■ **Requirement**
Using the data below, return all lines in which "underlined" appears.

■ **Data below**

= = = = =

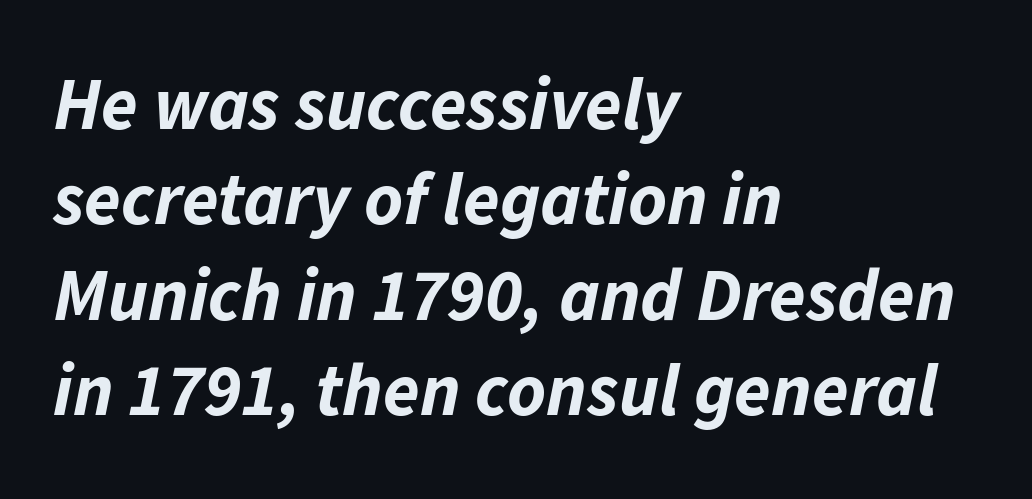
{"italic": "yes", "lean": "right", "slant_degrees": 11, "bold": "yes", "weight": "bold", "width": "normal", "stroke_contrast": "low", "x_height": "medium", "monospaced": "no", "underline": "no", "align": "left", "line_spacing": "normal", "line_spacing_ratio": 1.29, "letter_spacing": "normal", "letter_spacing_em": 0.0, "glyph_px": 74}
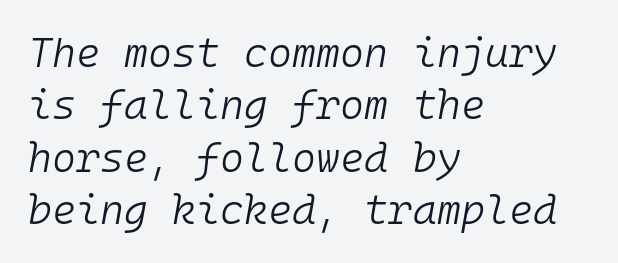
The image shows 41 px light type, italic (leaning right), monospaced; set left-aligned, normal line spacing (1.28x), normal letter spacing, not underlined; low stroke contrast and a medium x-height.
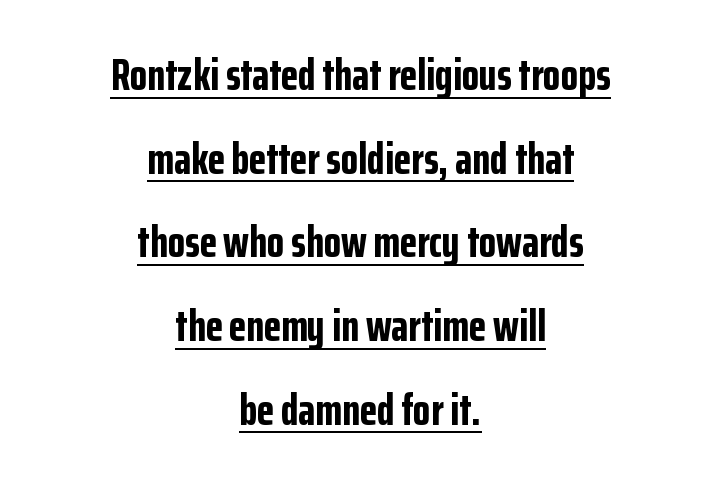
The image shows 45 px bold, condensed sans-serif type, upright; set centered, line spacing 1.86x, normal letter spacing, underlined; low stroke contrast and a medium x-height.
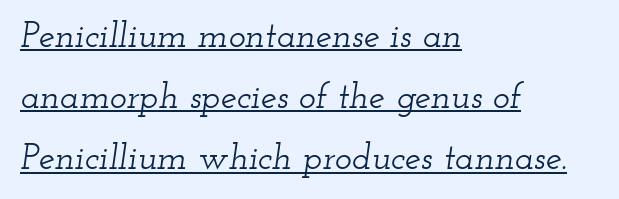
{"serif": "yes", "italic": "yes", "lean": "right", "slant_degrees": 12, "width": "wide", "stroke_contrast": "low", "x_height": "small", "monospaced": "no", "underline": "yes", "align": "left", "line_spacing": "normal", "line_spacing_ratio": 1.7, "letter_spacing": "normal", "letter_spacing_em": 0.0, "glyph_px": 36}

= = = = =

■ **Response below**
The image shows 41 px light type, italic (leaning right), monospaced; set left-aligned, normal line spacing (1.28x), normal letter spacing, not underlined; low stroke contrast and a medium x-height.
The image shows 45 px bold, condensed sans-serif type, upright; set centered, line spacing 1.86x, normal letter spacing, underlined; low stroke contrast and a medium x-height.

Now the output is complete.